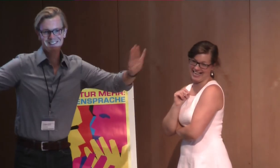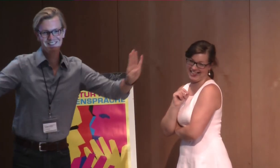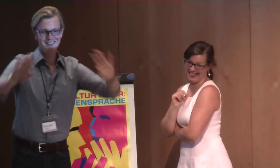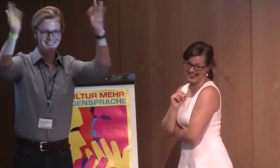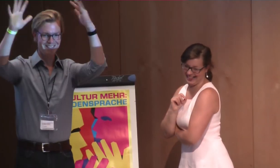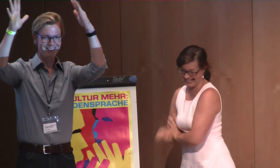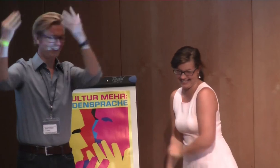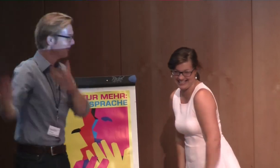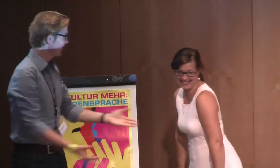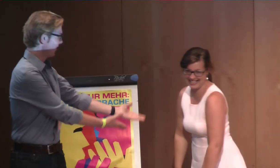damn ja, ja,
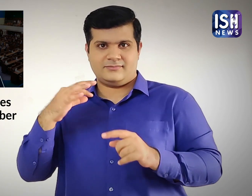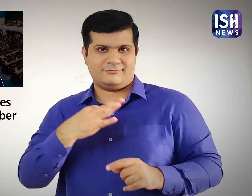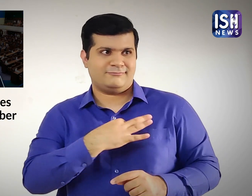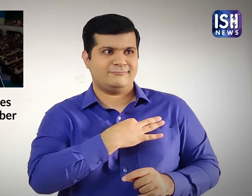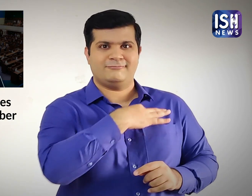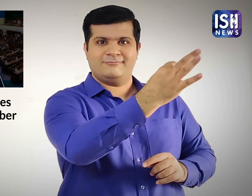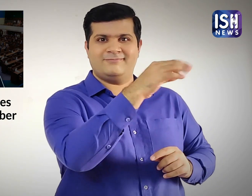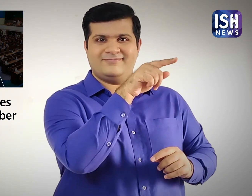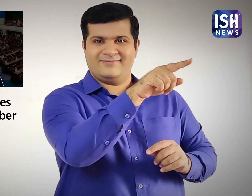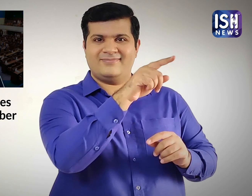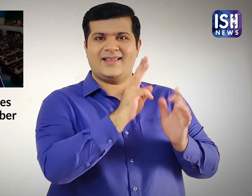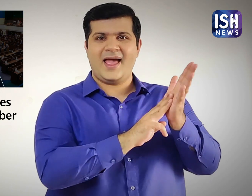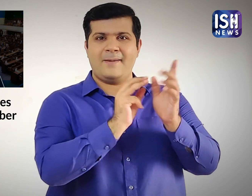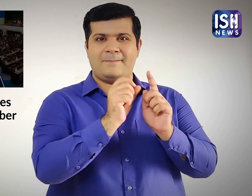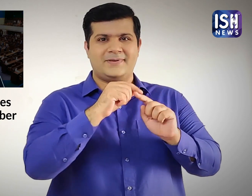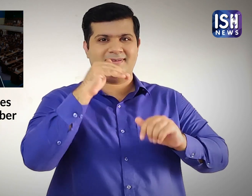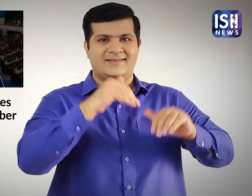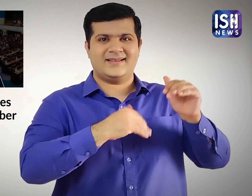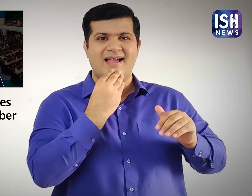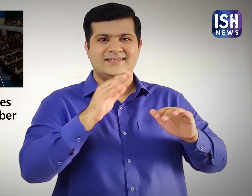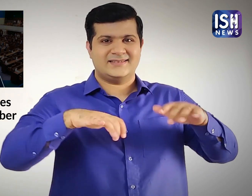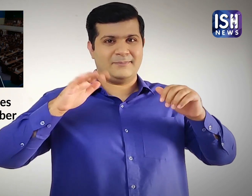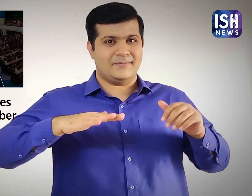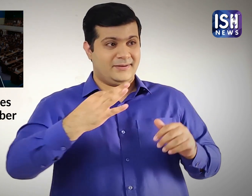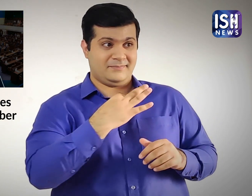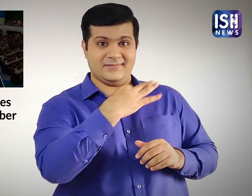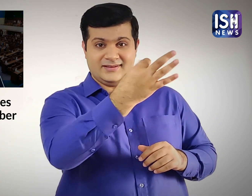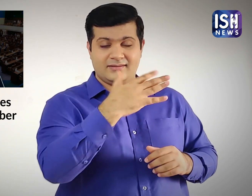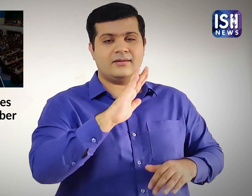संसत सदस्य के रूप में उनकी नियुक्ति पर पिंटो ने ट्वीट किया,
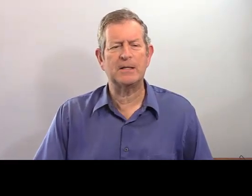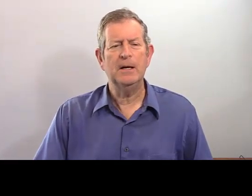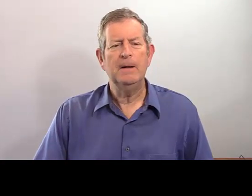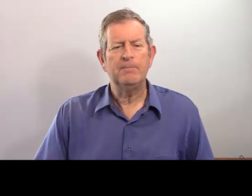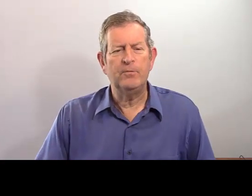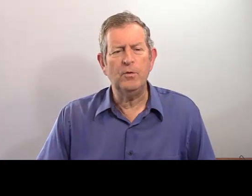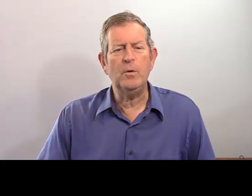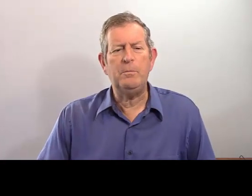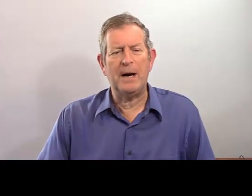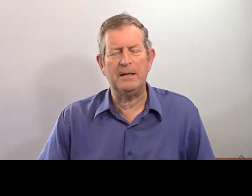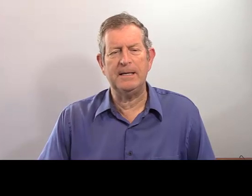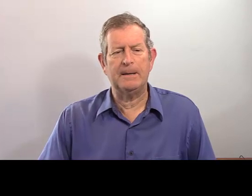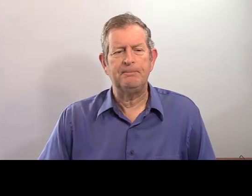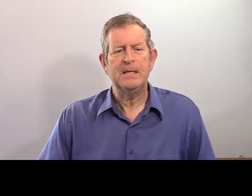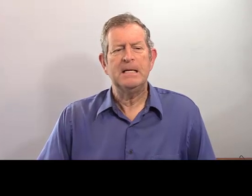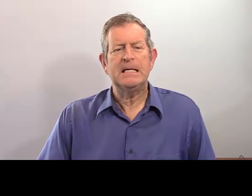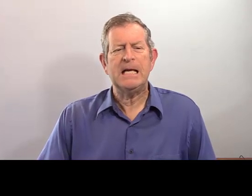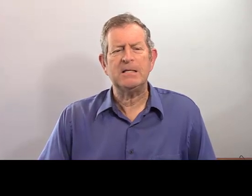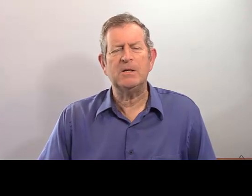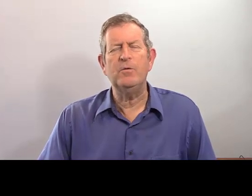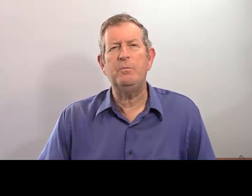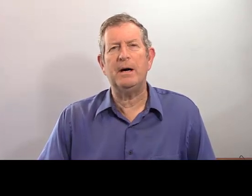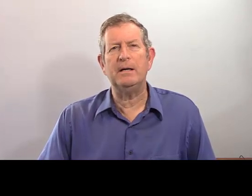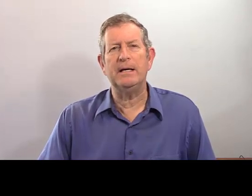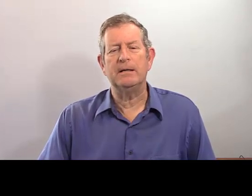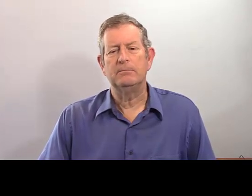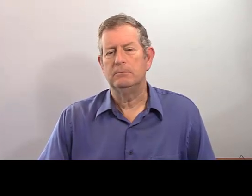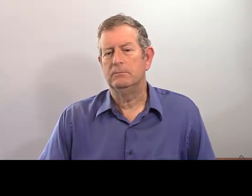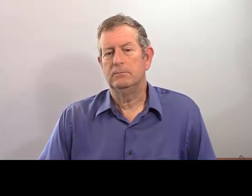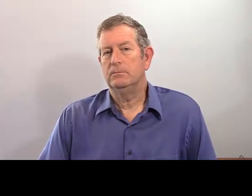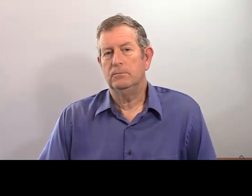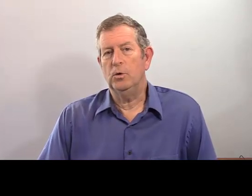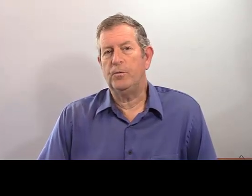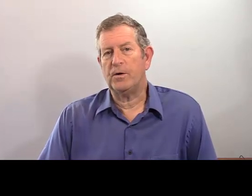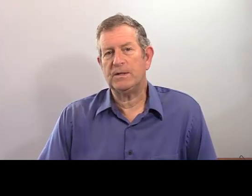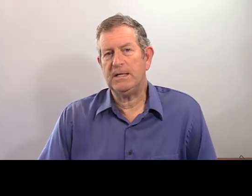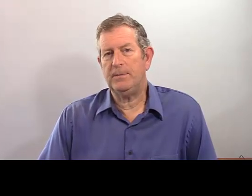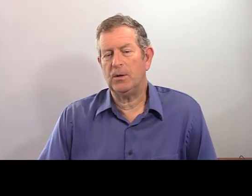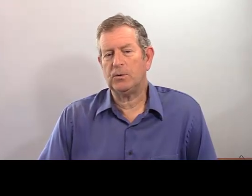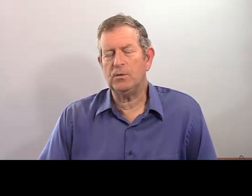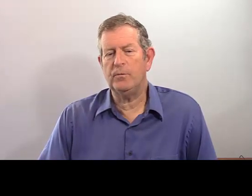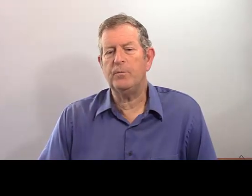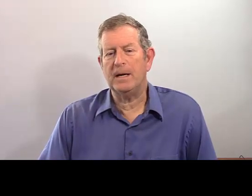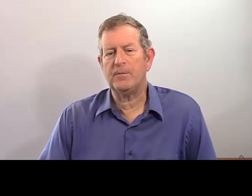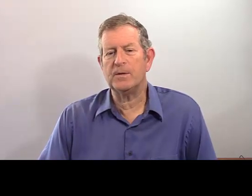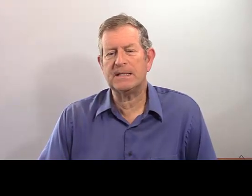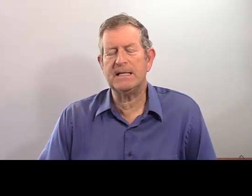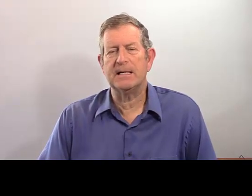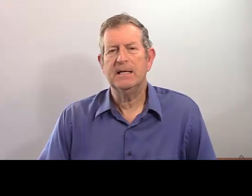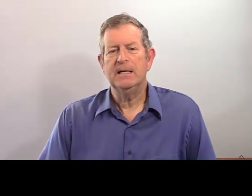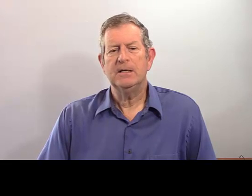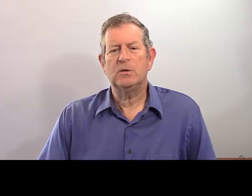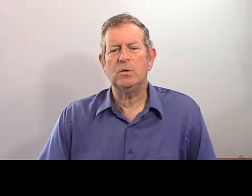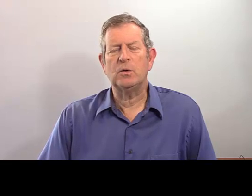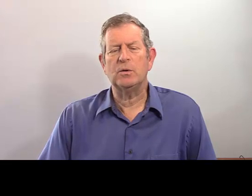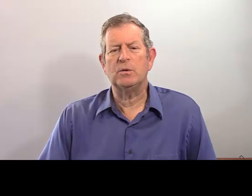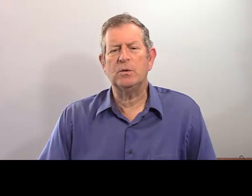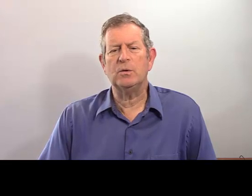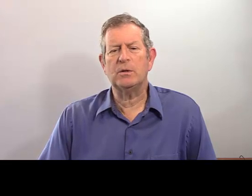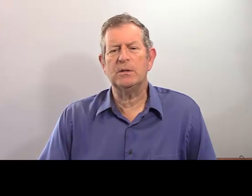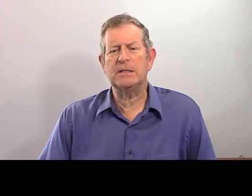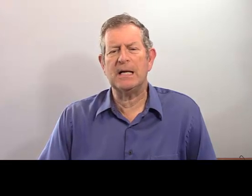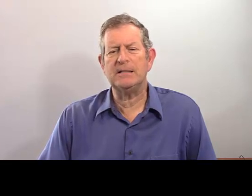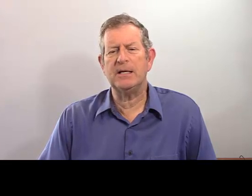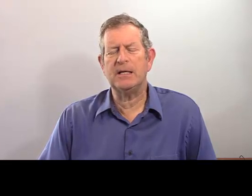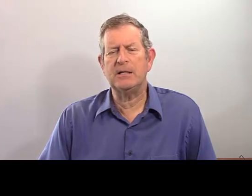numéro 7, vous parlez. Qu'est-ce que vous parlez ? Le français, bien entendu. Vous parlez français. Donc,

----

### What the task asks
Transcribe the lines above exactly, setting aside any picture among them.

### Solution for this problem
damn ja, ja,
संसत सदस्य के रूप में उनकी नियुक्ति पर पिंटो ने ट्वीट किया,
numéro 7, vous parlez. Qu'est-ce que vous parlez ? Le français, bien entendu. Vous parlez français. Donc,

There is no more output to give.